As disturbing as the underlying charges may be, courts-martial for alleged war crimes can ultimately have positive effects, said Charles Moskos, professor emeritus at Northwestern University specializing in military sociology.

“If we didn't have these trials, the world would say we're no better than a bunch of Nazis,” Moskos said. “We will always have people doing evil things in combat, particularly in a place like Iraq where you don't know friend from foe. But we need people to adhere to the highest moral standards, and the military is quite correct in punishing culprits behind such atrocities.”

As the Iraq war approaches its fourth anniversary, he said, Americans should brace themselves for more cases involving detainee abuse, slayings and other atrocities.

“The blurring of the killing line gets worse in Iraq the more casualties we suffer,” Moskos said. “The threshold of what is acceptable in such a killing place gets lower the longer we are there.”

Courts-martial are good for the public but bad for military morale, said David Segal, director of the Center for Research on the Military Organization at the University of Maryland.

“They impose upon the public a sense of reality about the true nature of war,” Segal said. “We have not been getting enough of that from Iraq, so for the country this is a healthy thing.
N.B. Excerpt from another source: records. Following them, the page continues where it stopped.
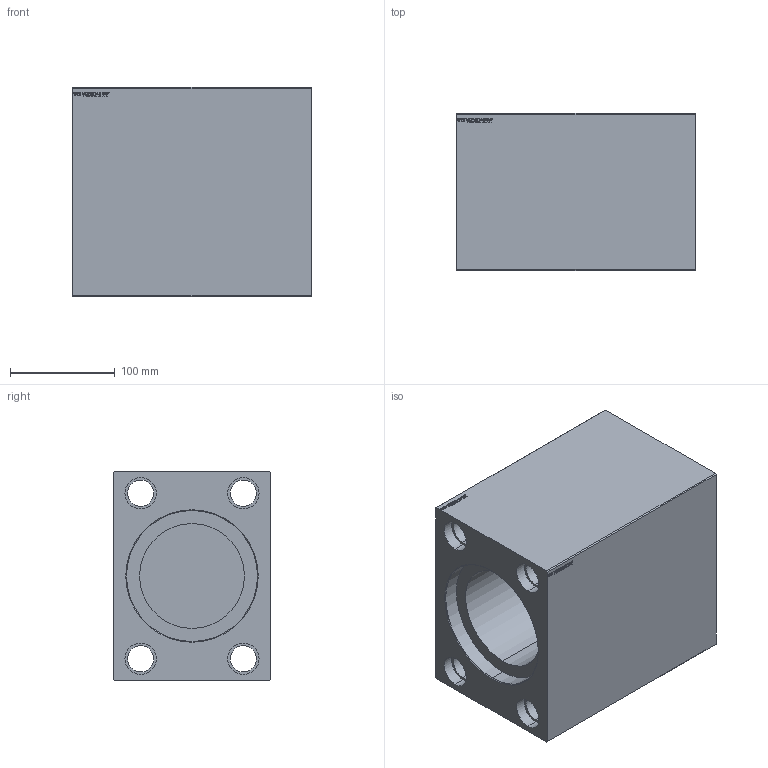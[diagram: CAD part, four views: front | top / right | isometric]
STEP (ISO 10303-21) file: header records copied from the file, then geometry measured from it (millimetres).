
FILE_DESCRIPTION (( 'STEP AP203' ), '1' );
FILE_NAME ('e9a2.STEP', '2024-02-11T13:58:10', ( '' ), ( '' ), 'SwSTEP 2.0', 'SolidWorks 2019', '' );
FILE_SCHEMA (( 'CONFIG_CONTROL_DESIGN' ));
Length unit declared in the file: millimetre
Products named in the file (1): e9a2
Bounding box: 228 x 150 x 200 mm (x, y, z)
Volume: 4774098.6 mm3; surface area: 351839.5 mm2
Topology: 1 solids, 1 shells, 825 faces, 2122 edges, 1414 vertices
Faces by surface type: plane 397, bspline 380, cylinder 46, cone 2
Entity records: 42523 total; most frequent: CARTESIAN_POINT 24838, ORIENTED_EDGE 4244, DIRECTION 2348, EDGE_CURVE 2122, VERTEX_POINT 1414, LINE 1268, VECTOR 1268, EDGE_LOOP 948
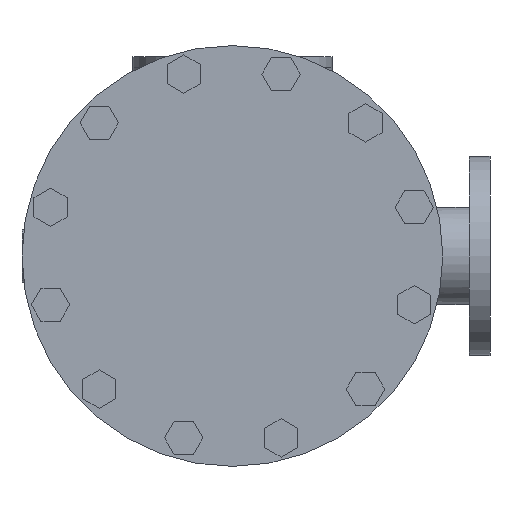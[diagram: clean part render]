
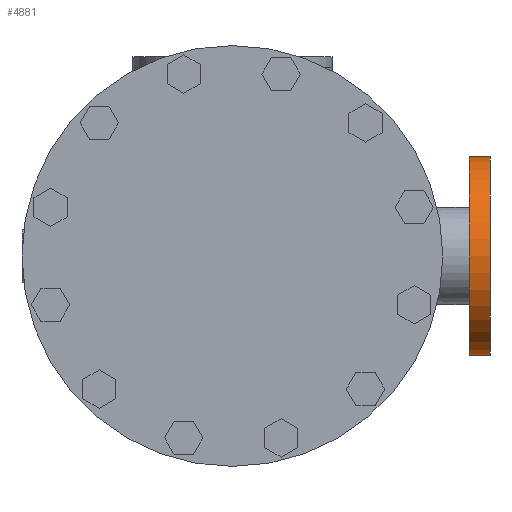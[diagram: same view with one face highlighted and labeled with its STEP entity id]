
A CAD part, left-side view. The second image highlights one B-rep face of the part: STEP entity #4881.
In plain terms, the highlighted cylindrical face has radius 114.3 mm (diameter 228.6 mm), a partial arc.
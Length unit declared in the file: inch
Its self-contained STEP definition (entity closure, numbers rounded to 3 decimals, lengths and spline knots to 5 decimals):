
#718 = ORIENTED_EDGE ( 'NONE', *, *, #3823, .F. ) ;
#744 = AXIS2_PLACEMENT_3D ( 'NONE', #9999, #20427, #18605 ) ;
#752 = CARTESIAN_POINT ( 'NONE',  ( 10.63338, -10.69, 4.5 ) ) ;
#974 = CARTESIAN_POINT ( 'NONE',  ( 10.63338, -11.63, 0. ) ) ;
#2592 = DIRECTION ( 'NONE',  ( 0., 0., 1. ) ) ;
#3012 = CARTESIAN_POINT ( 'NONE',  ( 10.63338, -11.63, 4.5 ) ) ;
#3413 = EDGE_LOOP ( 'NONE', ( #5581, #718, #8146, #16572 ) ) ;
#3579 = LINE ( 'NONE', #12685, #4357 ) ;
#3743 = VERTEX_POINT ( 'NONE', #752 ) ;
#3823 = EDGE_CURVE ( 'NONE', #13146, #14171, #17311, .T. ) ;
#3868 = CARTESIAN_POINT ( 'NONE',  ( 10.63338, -11.63, -4.5 ) ) ;
#3906 = EDGE_CURVE ( 'NONE', #3743, #10839, #13253, .T. ) ;
#4357 = VECTOR ( 'NONE', #19806, 39.37008 ) ;
#4458 = CARTESIAN_POINT ( 'NONE',  ( 10.63338, -11.63, 4.5 ) ) ;
#4505 = DIRECTION ( 'NONE',  ( 0., 1., 0. ) ) ;
#4881 = ADVANCED_FACE ( 'NONE', ( #17271 ), #9374, .T. ) ;
#4927 = AXIS2_PLACEMENT_3D ( 'NONE', #21699, #7251, #2592 ) ;
#5581 = ORIENTED_EDGE ( 'NONE', *, *, #14934, .F. ) ;
#7251 = DIRECTION ( 'NONE',  ( 0., 1., 0. ) ) ;
#8146 = ORIENTED_EDGE ( 'NONE', *, *, #19258, .T. ) ;
#9374 = CYLINDRICAL_SURFACE ( 'NONE', #4927, 4.5 ) ;
#9564 = VECTOR ( 'NONE', #4505, 39.37008 ) ;
#9999 = CARTESIAN_POINT ( 'NONE',  ( 10.63338, -10.69, 0. ) ) ;
#10114 = LINE ( 'NONE', #3012, #9564 ) ;
#10839 = VERTEX_POINT ( 'NONE', #18056 ) ;
#11463 = DIRECTION ( 'NONE',  ( 0., 0., -1. ) ) ;
#12685 = CARTESIAN_POINT ( 'NONE',  ( 10.63338, -11.63, -4.5 ) ) ;
#13146 = VERTEX_POINT ( 'NONE', #4458 ) ;
#13253 = CIRCLE ( 'NONE', #744, 4.5 ) ;
#14171 = VERTEX_POINT ( 'NONE', #3868 ) ;
#14934 = EDGE_CURVE ( 'NONE', #14171, #10839, #3579, .T. ) ;
#16572 = ORIENTED_EDGE ( 'NONE', *, *, #3906, .T. ) ;
#17271 = FACE_OUTER_BOUND ( 'NONE', #3413, .T. ) ;
#17311 = CIRCLE ( 'NONE', #21344, 4.5 ) ;
#18056 = CARTESIAN_POINT ( 'NONE',  ( 10.63338, -10.69, -4.5 ) ) ;
#18605 = DIRECTION ( 'NONE',  ( 0., 0., -1. ) ) ;
#19258 = EDGE_CURVE ( 'NONE', #13146, #3743, #10114, .T. ) ;
#19806 = DIRECTION ( 'NONE',  ( 0., 1., 0. ) ) ;
#20427 = DIRECTION ( 'NONE',  ( 0., -1., 0. ) ) ;
#21344 = AXIS2_PLACEMENT_3D ( 'NONE', #974, #21888, #11463 ) ;
#21699 = CARTESIAN_POINT ( 'NONE',  ( 10.63338, -11.63, 0. ) ) ;
#21888 = DIRECTION ( 'NONE',  ( 0., -1., 0. ) ) ;
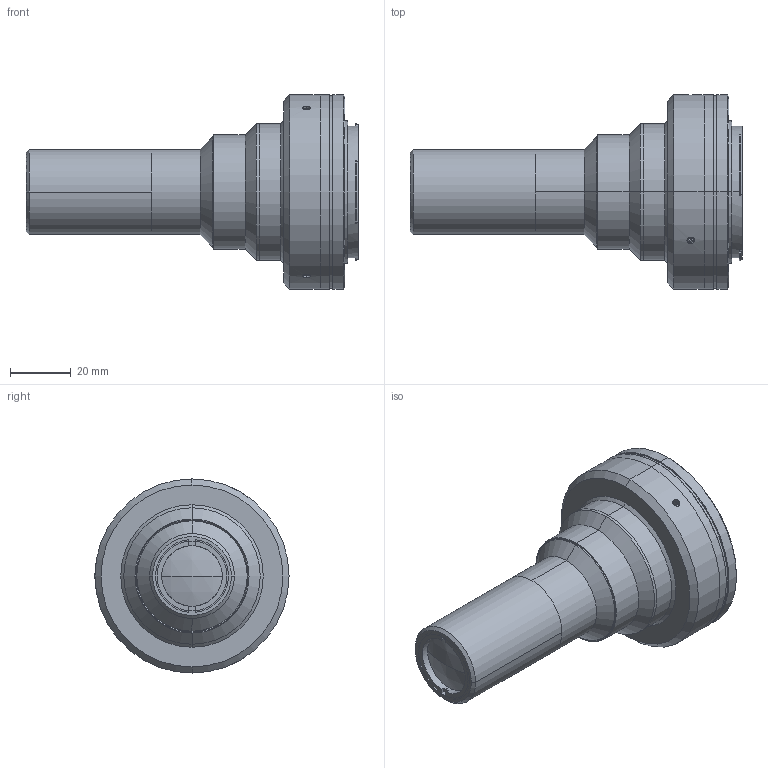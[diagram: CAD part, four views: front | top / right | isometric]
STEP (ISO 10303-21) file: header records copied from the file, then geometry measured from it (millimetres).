
FILE_DESCRIPTION (( 'STEP AP203' ), '1' );
FILE_NAME ('DP31976-A_TC4MHRP007-F.step', '2022-06-13T07:02:48', ( '' ), ( '' ), 'SwSTEP 2.0', 'SolidWorks 2021', '' );
FILE_SCHEMA (( 'CONFIG_CONTROL_DESIGN' ));
Length unit declared in the file: millimetre
Products named in the file (1): DP31976-A_TC4MHRP007-F
Bounding box: 109.47 x 64 x 64 mm (x, y, z)
Surface area: 27734.5 mm2 (no closed solid volume)
Topology: 0 solids, 16 shells, 128 faces, 349 edges, 237 vertices
Faces by surface type: cylinder 53, plane 49, cone 24, sphere 2
Entity records: 4340 total; most frequent: CARTESIAN_POINT 961, DIRECTION 752, ORIENTED_EDGE 580, EDGE_CURVE 349, AXIS2_PLACEMENT_3D 292, VERTEX_POINT 237, LINE 168, VECTOR 168
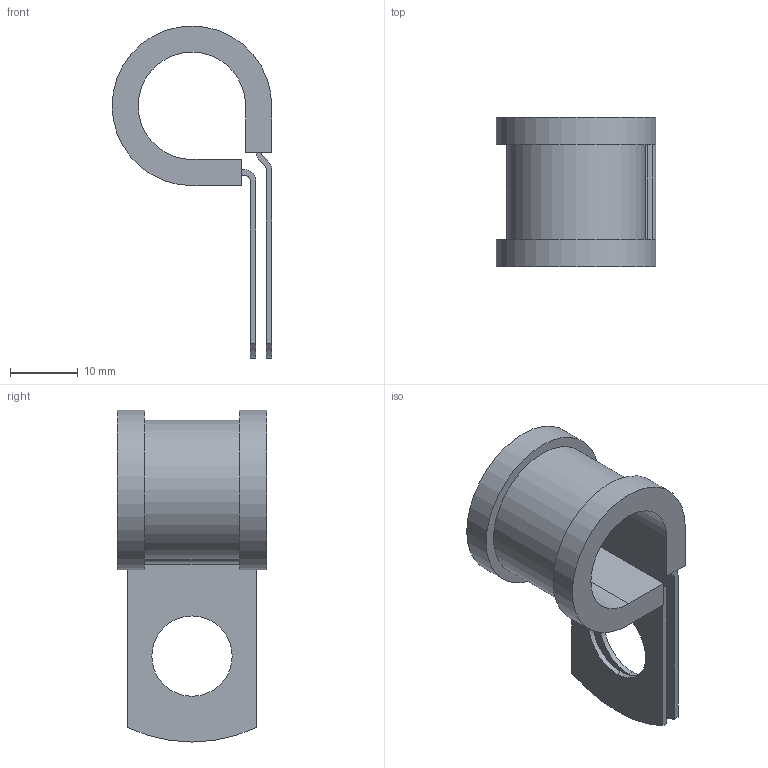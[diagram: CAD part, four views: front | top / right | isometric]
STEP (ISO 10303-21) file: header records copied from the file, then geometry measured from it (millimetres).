
FILE_DESCRIPTION (( 'STEP AP214' ), '1' );
FILE_NAME ('COL1015SS.step', '2018-10-26T14:45:15', ( 'User' ), ( 'Microsoft' ), 'SwSTEP 2.0', 'SolidWorks 2018', '' );
FILE_SCHEMA (( 'AUTOMOTIVE_DESIGN' ));
Length unit declared in the file: inch
Products named in the file (1): COL1015SS
Bounding box: 23.61 x 22.1 x 49.09 mm (x, y, z)
Volume: 4468.6 mm3; surface area: 5251.6 mm2
Topology: 1 solids, 1 shells, 44 faces, 124 edges, 82 vertices
Faces by surface type: plane 27, cylinder 17
Entity records: 1669 total; most frequent: CARTESIAN_POINT 251, DIRECTION 248, ORIENTED_EDGE 248, EDGE_CURVE 124, VECTOR 90, LINE 90, VERTEX_POINT 82, AXIS2_PLACEMENT_3D 79
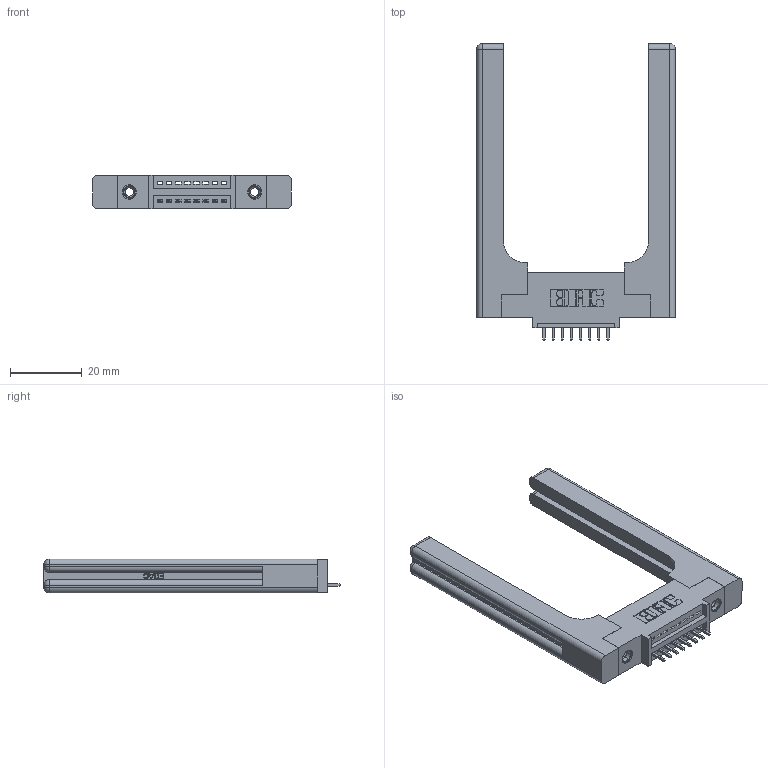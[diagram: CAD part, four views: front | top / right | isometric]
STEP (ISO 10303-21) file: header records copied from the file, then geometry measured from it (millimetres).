
FILE_DESCRIPTION (( 'STEP AP203' ), '1' );
FILE_NAME ('345-008-521-458.STEP', '2019-10-03T18:26:08', ( '' ), ( '' ), 'SwSTEP 2.0', 'SolidWorks 2016', '' );
FILE_SCHEMA (( 'CONFIG_CONTROL_DESIGN' ));
Length unit declared in the file: inch
Products named in the file (5): 345-292-001_345-293-121; 345-220-058_345-220-058; 345-008-521-458; 345-250-001_345-250-001-102; 345 Part_0.110 Offset - 0.156 Dia-TH
Assembly tree (13 placements, depth 2):
  345-008-521-458
    345 Part_0.110 Offset - 0.156 Dia-TH
    345-292-001_345-293-121  x8
    345-250-001_345-250-001-102  x2
    345-220-058_345-220-058  x2
Bounding box: 55.35 x 82.47 x 9.4 mm (x, y, z)
Volume: 13387.2 mm3; surface area: 11324.4 mm2
Topology: 13 solids, 13 shells, 850 faces, 2427 edges, 1586 vertices
Faces by surface type: plane 552, cylinder 238, bspline 36, cone 12, sphere 8, torus 4
Entity records: 15930 total; most frequent: CARTESIAN_POINT 3733, ORIENTED_EDGE 2472, DIRECTION 2256, EDGE_CURVE 1236, VECTOR 980, LINE 980, VERTEX_POINT 814, AXIS2_PLACEMENT_3D 638
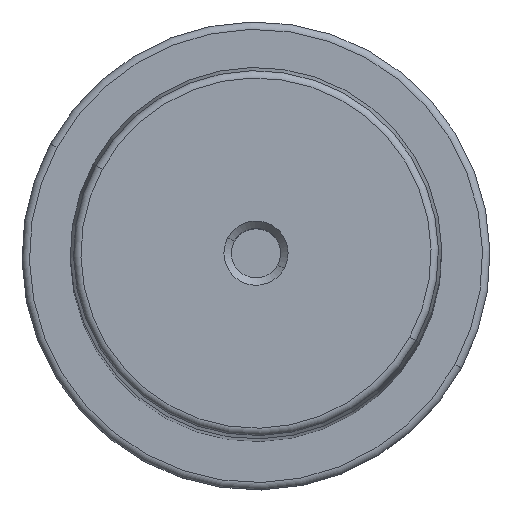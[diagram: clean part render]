
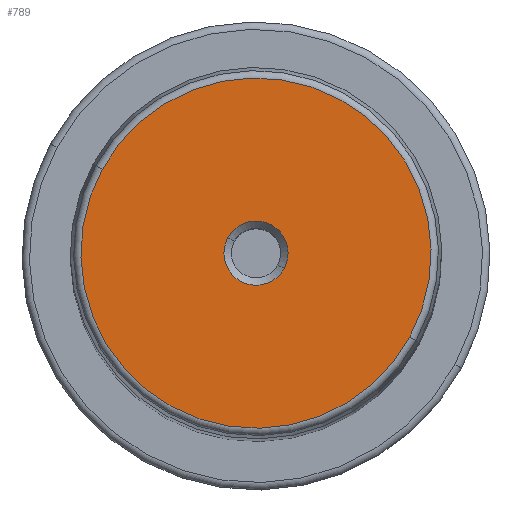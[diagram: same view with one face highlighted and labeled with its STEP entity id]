
A CAD part, top view. The second image highlights one B-rep face of the part: STEP entity #789.
In plain terms, the highlighted planar face has unit normal (0, 0, 1).
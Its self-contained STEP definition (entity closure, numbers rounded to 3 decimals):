
#723=CARTESIAN_POINT('Vertex',(-20.683,11.299,224.)) ;
#726=CARTESIAN_POINT('Axis2P3D Location',(0.,0.,224.)) ;
#730=CARTESIAN_POINT('Vertex',(20.683,-11.299,224.)) ;
#750=CARTESIAN_POINT('Axis2P3D Location',(0.,0.,224.)) ;
#762=CARTESIAN_POINT('Axis2P3D Location',(-24.438,0.,224.)) ;
#771=CARTESIAN_POINT('Axis2P3D Location',(0.,0.,224.)) ;
#775=CARTESIAN_POINT('Vertex',(-3.794,2.073,224.)) ;
#777=CARTESIAN_POINT('Vertex',(3.794,-2.073,224.)) ;
#780=CARTESIAN_POINT('Axis2P3D Location',(0.,0.,224.)) ;
#727=DIRECTION('Axis2P3D Direction',(-0.,0.,-1.)) ;
#751=DIRECTION('Axis2P3D Direction',(0.,0.,-1.)) ;
#763=DIRECTION('Axis2P3D Direction',(0.,0.,-1.)) ;
#764=DIRECTION('Axis2P3D XDirection',(1.,0.,0.)) ;
#772=DIRECTION('Axis2P3D Direction',(0.,0.,-1.)) ;
#781=DIRECTION('Axis2P3D Direction',(0.,0.,-1.)) ;
#728=AXIS2_PLACEMENT_3D('Circle Axis2P3D',#726,#727,$) ;
#752=AXIS2_PLACEMENT_3D('Circle Axis2P3D',#750,#751,$) ;
#765=AXIS2_PLACEMENT_3D('Plane Axis2P3D',#762,#763,#764) ;
#773=AXIS2_PLACEMENT_3D('Circle Axis2P3D',#771,#772,$) ;
#782=AXIS2_PLACEMENT_3D('Circle Axis2P3D',#780,#781,$) ;
#768=ORIENTED_EDGE('',*,*,#732,.F.) ;
#769=ORIENTED_EDGE('',*,*,#754,.F.) ;
#786=ORIENTED_EDGE('',*,*,#779,.T.) ;
#787=ORIENTED_EDGE('',*,*,#784,.T.) ;
#788=FACE_BOUND('',#785,.T.) ;
#789=ADVANCED_FACE('PartBody',(#770,#788),#766,.F.) ;
#729=CIRCLE('generated circle',#728,23.569) ;
#753=CIRCLE('generated circle',#752,23.569) ;
#774=CIRCLE('generated circle',#773,4.324) ;
#783=CIRCLE('generated circle',#782,4.324) ;
#732=EDGE_CURVE('',#724,#731,#729,.T.) ;
#754=EDGE_CURVE('',#731,#724,#753,.T.) ;
#779=EDGE_CURVE('',#776,#778,#774,.T.) ;
#784=EDGE_CURVE('',#778,#776,#783,.T.) ;
#767=EDGE_LOOP('',(#768,#769)) ;
#785=EDGE_LOOP('',(#786,#787)) ;
#770=FACE_OUTER_BOUND('',#767,.T.) ;
#766=PLANE('Plane',#765) ;
#724=VERTEX_POINT('',#723) ;
#731=VERTEX_POINT('',#730) ;
#776=VERTEX_POINT('',#775) ;
#778=VERTEX_POINT('',#777) ;
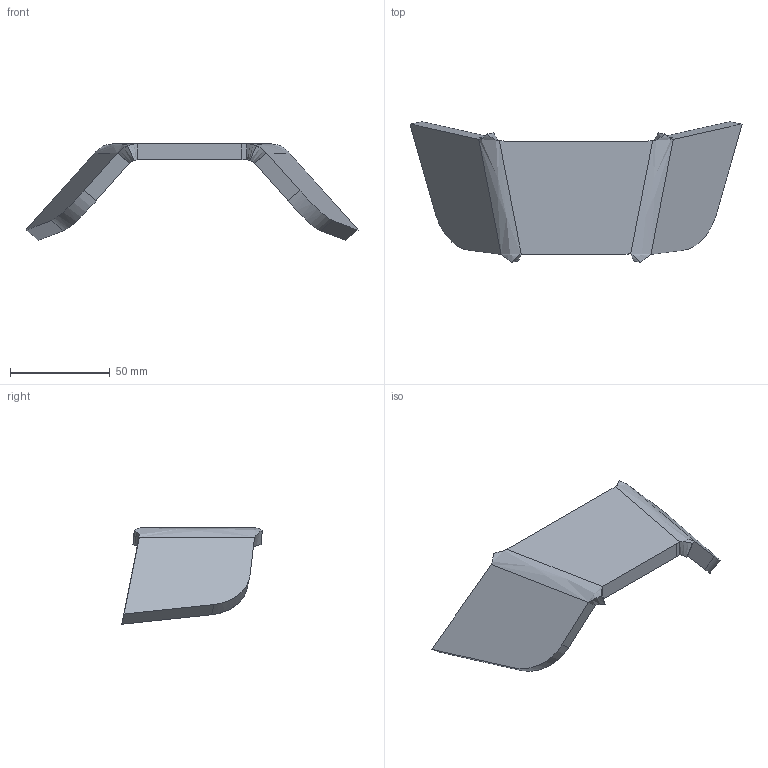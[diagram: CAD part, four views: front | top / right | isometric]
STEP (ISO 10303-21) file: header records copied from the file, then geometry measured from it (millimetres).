
FILE_DESCRIPTION (( 'STEP AP203' ), '1' );
FILE_NAME ('M5 - erpAynalama33360_kapak kilitleme dili.IGS_Default_sldprt.STEP', '2023-01-17T08:17:03', ( '' ), ( '' ), 'SwSTEP 2.0', 'SolidWorks 2019', '' );
FILE_SCHEMA (( 'CONFIG_CONTROL_DESIGN' ));
Length unit declared in the file: millimetre
Products named in the file (1): M5 - erpAynalama33360_kapak kilitleme dili.IGS_Default_sldprt
Bounding box: 166.15 x 70.37 x 48.32 mm (x, y, z)
Volume: 80842.2 mm3; surface area: 24092.5 mm2
Topology: 1 solids, 1 shells, 41 faces, 101 edges, 62 vertices
Faces by surface type: bspline 41
Entity records: 1335 total; most frequent: CARTESIAN_POINT 629, ORIENTED_EDGE 202, EDGE_CURVE 101, B_SPLINE_CURVE_WITH_KNOTS 99, VERTEX_POINT 62, ADVANCED_FACE 41, EDGE_LOOP 41, FACE_OUTER_BOUND 41
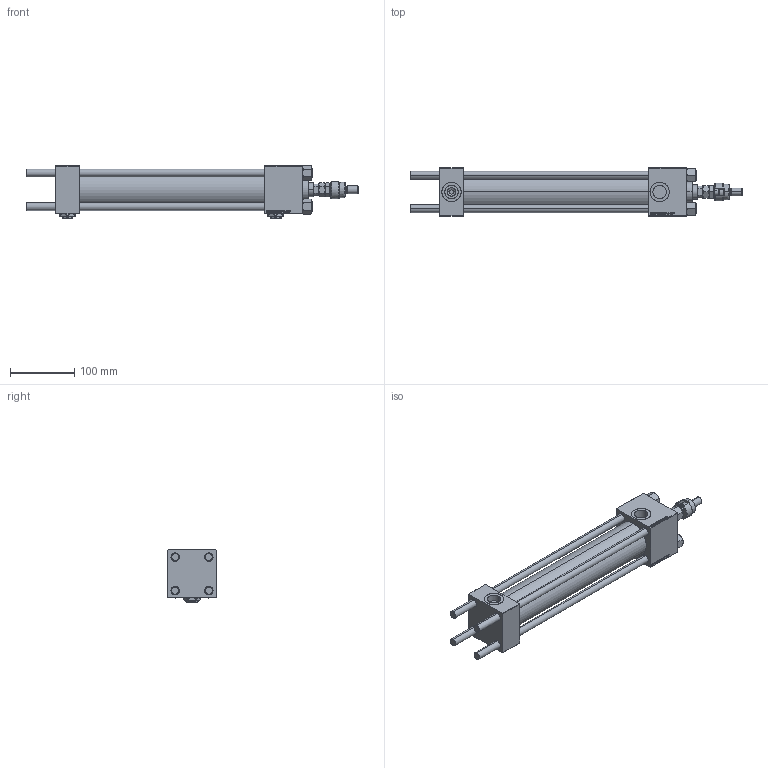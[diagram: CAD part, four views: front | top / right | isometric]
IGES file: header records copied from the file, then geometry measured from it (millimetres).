
Start section: SolidWorks IGES file using analytic representation for surfaces
Global section: file name: bd28.IGS; native system: SolidWorks 2019; preprocessor: SolidWorks 2019; author: Model3D; date: 230823.135733; units: millimetre
Bounding box: 516 x 75 x 82.27 mm (x, y, z)
Surface area: 302512.6 mm2 (no closed solid volume)
Topology: 0 solids, 0 shells, 1318 faces, 18290 edges, 18288 vertices
Faces by surface type: bspline 999, revolution 319

But for soldiers and Marines, it probably has a demoralizing effect.”

Segal said people should understand that while “the veneer of civilization is very thin and tends to crack in war, the overwhelming number of men and women in uniform perform honorably and well.”

Rodriguez, the former Camp Pendleton corporal, said he hopes the Iraq conflict will end with some sort of redemption.

“Hundreds of thousands of proud men and women have risked their lives in this war,” he said. “Some good has got to come out of it. We can't be remembered for war crimes.”